Chinrest weight and sound

January 27, 2018, 3:21 AM · I just want to share... I was using a custom made, pure ebony chinrest. I was very proud and it looked great. However, while trying some alternative shapes I started to notice changes in the sound... I have been experimenting and there is a clear and provable inverse relation between the weight of the chinrest and both the volume of sound and the clarity.
I could not find such obvious change in the chinrest position once you adapt your bowing.
But the weight difference is very noticeable. By myself, by listeners and by sound apps.
I see it has been mentioned before, so just a +1 to that fact and another tool if anyone wants to change the loudness of the instrument.

Replies (11)

Edited: January 27, 2018, 4:27 PM · I have also noticed the relationship between chinrest weight and sound.

And also between position of chinrest and sound - but that differs for different violins. I had a violin-maker friend and we tested a number of his instruments (and the three that I owned then) with different chinrests in his shop as well as a large venue. Most sounded better with chinrests on the left side, but some were at least equal center-mounted.

And - the mounting makes a difference. Most chin rests contact the violin with cork mounting, but a decade or so ago there was a patented chin rest with a rubber (or soft plastic) mounting that sounded better. I switched my violins to that chinrest - but still left-mounted. My piano-trio partner also put one of those on his Rocca, but his is center-mounted. These were actually relatively cheap ebony chin rests (roughly) tripled in price for the maker's addition. I still use those chinrests. I can no longer find those chin rests for sale on line.

January 27, 2018, 8:00 AM · I suspect it is not only the weight of the chinrest that is significant but also the contact area of the cork with the violin. Accordingly, I like to minimize that contact area by cutting away the cork in various places so as to allow more vibration of the body. This is probably best done when the cork on a well-used chinrest is starting to deteriorate and it is time to re-cork.

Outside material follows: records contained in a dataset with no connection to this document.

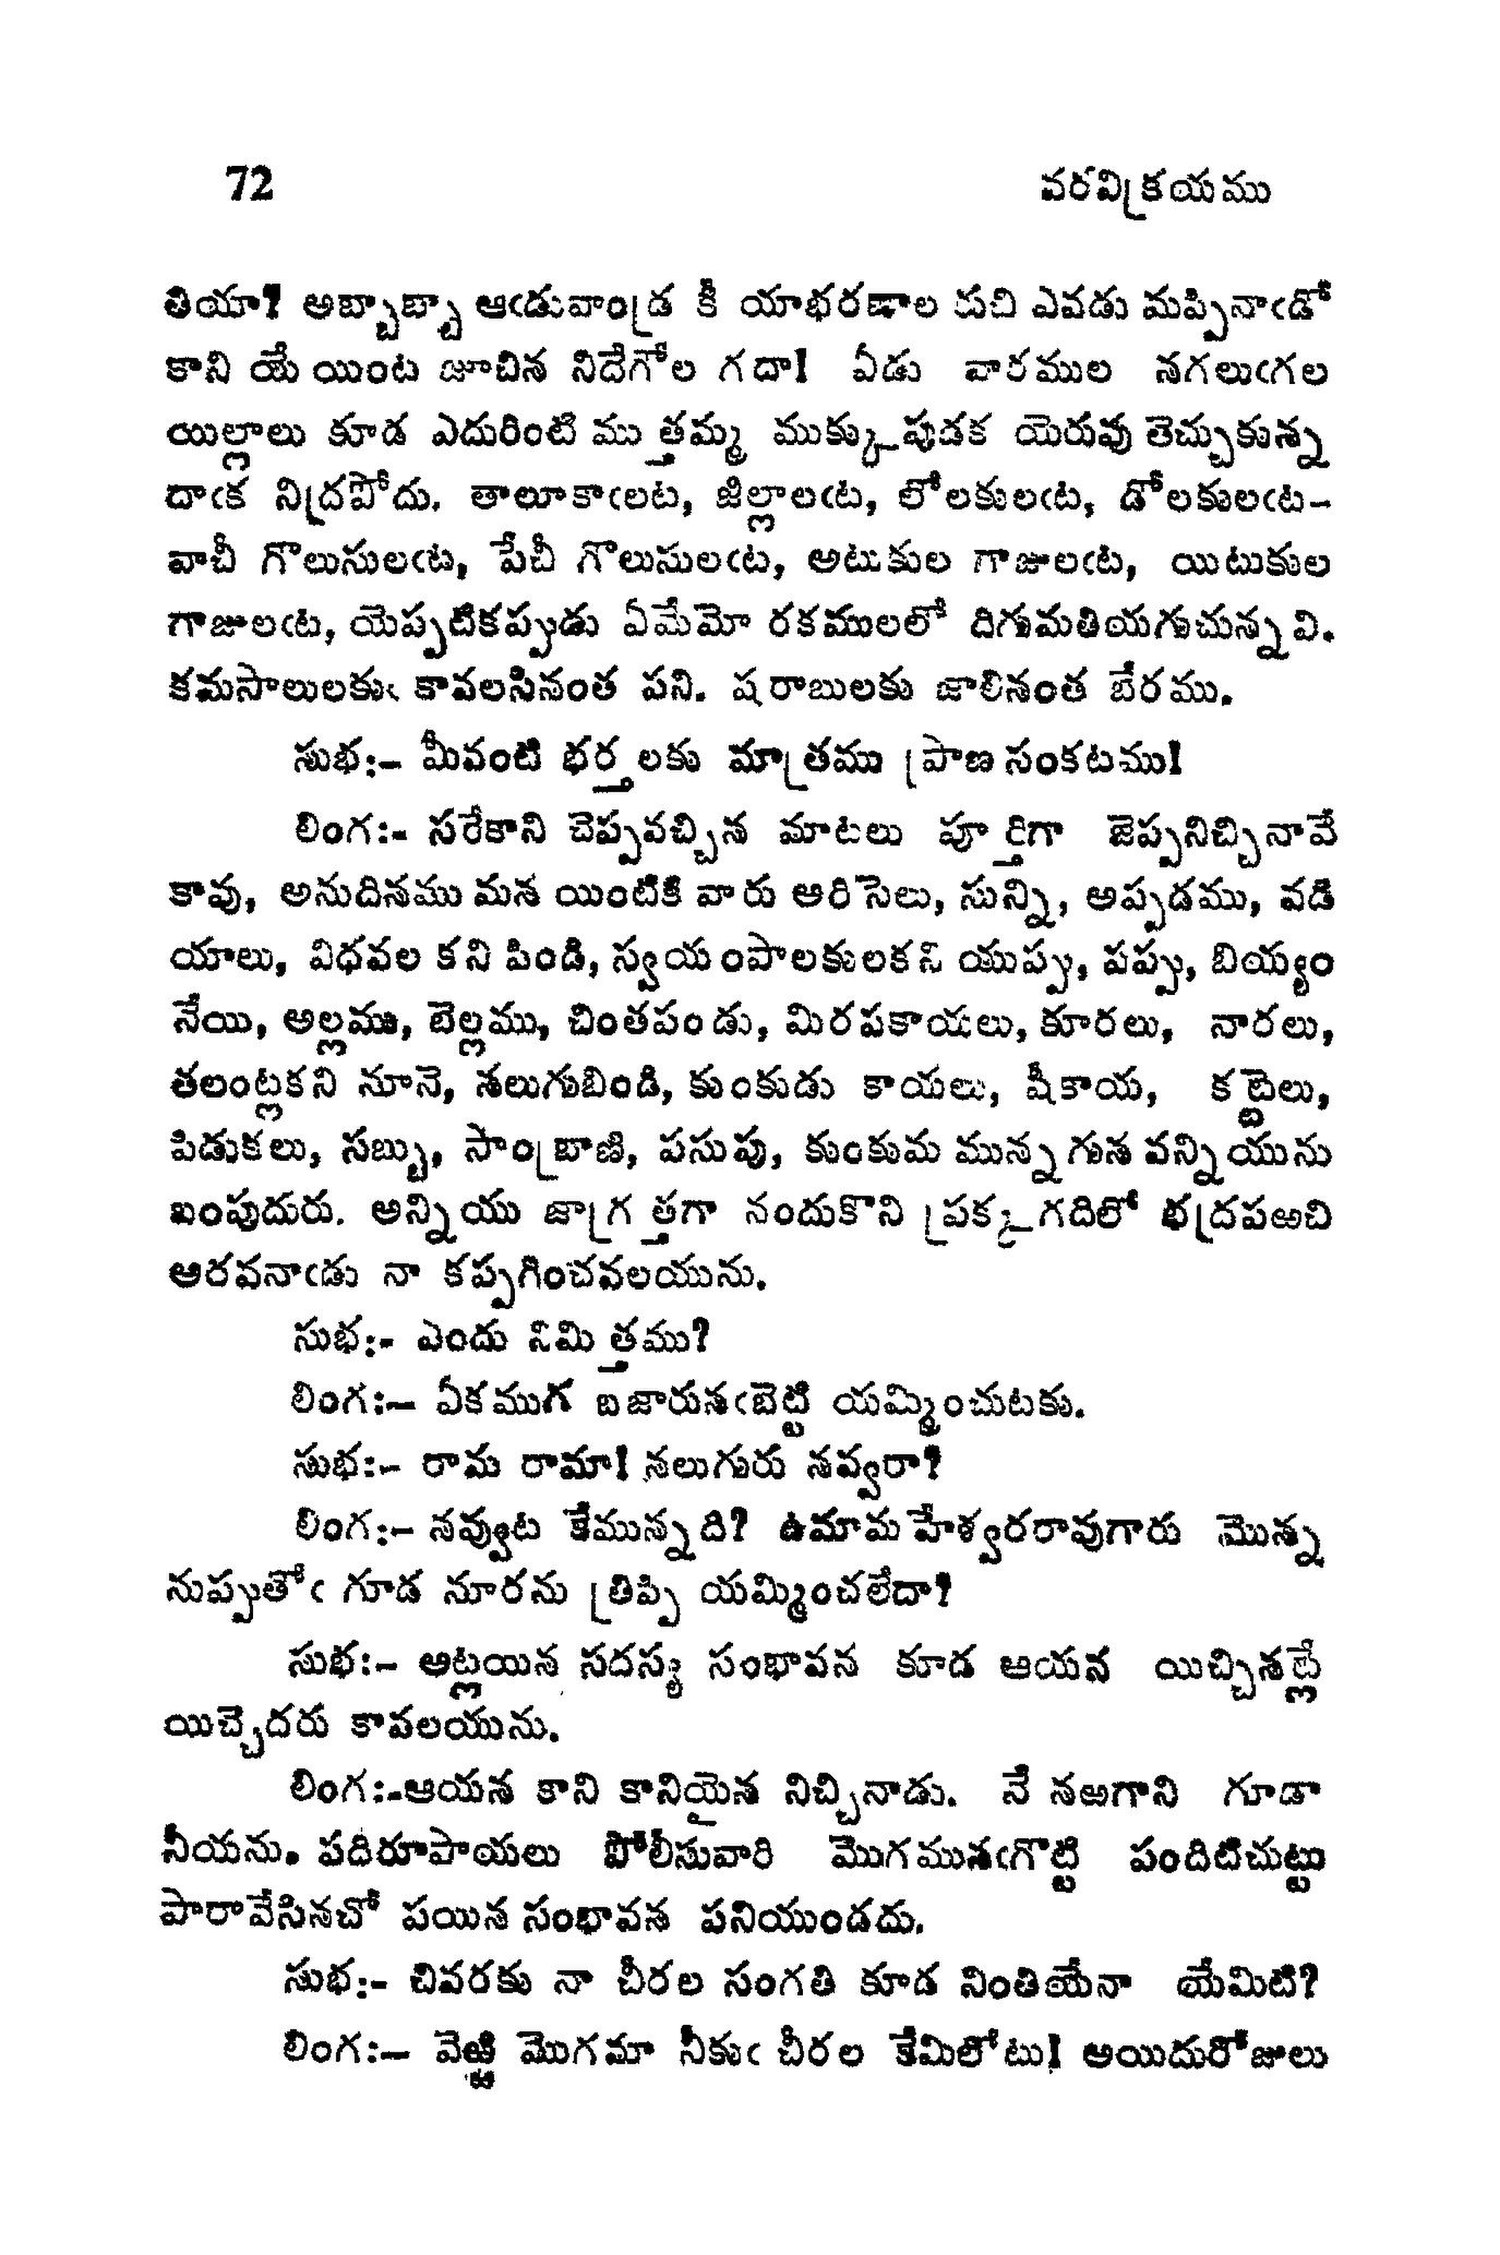తియా? అబ్బాబ్బా! ఆఁడువాండ్ర కీ యాభరణాల రుచి ఎవడు మప్పినాఁడో కాని యే యింట జూచిన నిదేగోల గదా! ఏడు వారముల నగలుఁగల యిల్లాలు కూడ ఎదురింటి ముత్తమ్మ ముక్కుపుడక యెరువు తెచ్చుకున్నదాఁక నిద్రపోదు! తాలూకాఁలట, జిల్లాలఁట, లోలకులఁట, డోలకులఁట, వాచీ గొలుసులఁట, పేచీ గొలుసులఁట, అటుకుల గాజులఁట, యిటుకుల గాజులఁట, యెప్పటికప్పుడు ఏమేమో రకములలో దిగుమతియగుచున్నవి! కమసాలులకుఁ కావలసినంత పని. షరాబులకు జాలినంత బేరము.

సుభ :- మీవంటి భర్తలకు మాత్రము ప్రాణసంకటము!

లింగ :- సరేకాని చెప్పవచ్చిన మాటలు పూర్తిగా జెప్పనిచ్చినావే కావు, అనుదినము మన యింటికి వారు అరిసెలు, సున్ని, అప్పడము, వడియాలు, విధవల కని పిండి, స్వయంపాకులకని యుప్పు, పప్పు, బియ్యం, నేయి, అల్లము, బెల్లము, చింతపండు, మిరపకాయలు, కూరలు, నారలు, తలంట్లకని నూనె, నలుగుబిండి, కుంకుడు కాయలు, షీకాయ, కట్టెలు, పిడుకలు, సబ్బు, సాంబ్రాణి, పసుపు, కుంకుమ మున్నగున వన్నియును బంపుదురు. అన్నియు జాగ్రత్తగా నందుకొని ప్రక్కగదిలో భద్రపఱిచి, ఆరవనాఁడు నా కప్పగించవలయును.

సుభ :- ఎందు నిమిత్తము?

లింగ :- ఏకముగ బజారునఁబెట్టి యమ్మించుటకు.

సుభ :- రామ రామా! నలుగురు నవ్వరా?

లింగ :- నవ్వుట కేమున్నది? ఉమామహేశ్వరరావుగారు మొన్న నుప్పుతోఁ గూడ నూరను త్రిప్పి యమ్మించలేదా?

సుభ :- అట్లయిన సదస్య సంభావన కూడ ఆయన యిచ్చినట్లే యిచ్చెదరు కావలయును.

లింగ :- ఆయన, కాని కానియైన నిచ్చినాఁడు. నే నఱగాని గూడ నీయను. పదిరూపాయలు పోలీసువారి మొగమునఁగొట్టి పందిటిచుట్టున పారాలేసినచో పయిన సంభావన పనియుండదు.

సుభ : -చివరకు నా చీరల సంగతి కూడ నింతియేనా యేమిటి?

లింగ :- వెఱ్ఱిమొగమా! నీకుఁ చీరల కేమిలోటు! అయిదురోజులు

Another important factor is where the cork contacts the violin. I try to get the contact points as close to the purfling as possible; contact any further inwards onto the top plate and the vibrations of the plate will be affected.

January 27, 2018, 8:29 AM · Yes, the chinrest definitely changes the sound coming off of the instrument. And, to an even larger degree, it changes the players perception of the sound.
January 27, 2018, 4:09 PM · Question — is there a difference between playing with your custom made chin rest and without a chin rest? Would it be louder without the chin rest?
January 27, 2018, 4:34 PM · What is happening is that when you try a different chin rest your ear moves relative to your f-holes and your violin sounds different.
January 28, 2018, 5:54 AM · I have just a few anecdotal data points on this, but I've noticed the chinrest mounting can affect how much the chinrest affects the sound of the violin.

Basically, it seems that if the mounting surfaces are touching the plates away from the ribs, as opposed to being carefully positioned over the ribs, then the chinrest can influence the sound in noticeable ways.

Side mount chinrests seem more prone to this effect than center mount. And center mount chin rests that are modified to have the contact surface modified to rest on the outer edges of the saddle seem to have no affect at all.

January 28, 2018, 6:54 AM · Re Paul: the OP mentions "by listeners and by sound apps", so it doesn't seem to be just the ears of the player.

I do wonder how one can isolate the effect of chinrest mass from other effects (contact points when mounted, properties of the cork, force from chin to CR depending on CR shape and height, and so on).

January 28, 2018, 1:22 PM · Sound is certainly one thing which is at least noticeable, but I simply like the handling of violins with heavy chin rests very much (low center of mass, etc.).
Edited: January 28, 2018, 5:08 PM · Carlos, once you have tried your experiment on enough fiddles, I think you'll conclude that "it depends on the fiddle", and also that it is highly dependent on the personal tastes of the players and listners.

There is no universally correct formula for chinrests, any more than there is a single correct intonation strategy.

Context always matters.

January 28, 2018, 4:49 PM · I noticed this also and I have since discarded my ebony rests and replaced with one made from light weight wood. I also cut excess wood from the replaced rest thus weighing even lighter.
January 28, 2018, 7:20 PM · At all: Regardless of the quality of the sound produced, which is a subjective point, a phone in the music stand measuring the sound was showing consistenly 2-3 db louder with no (or light) chinrest.

The original chinrest was indeed very heavy. Its replacement could be felt as soon as you would grab the violin. The instrument had a very different balance and I think that lightening it changed the pressure and tensions in its different parts. Mainly, the soundpost.

The result in mine was a louder sound. I imagine, as Mr. Burgess points out, that other original setups (soundpost, wood thickness...) can get a different result.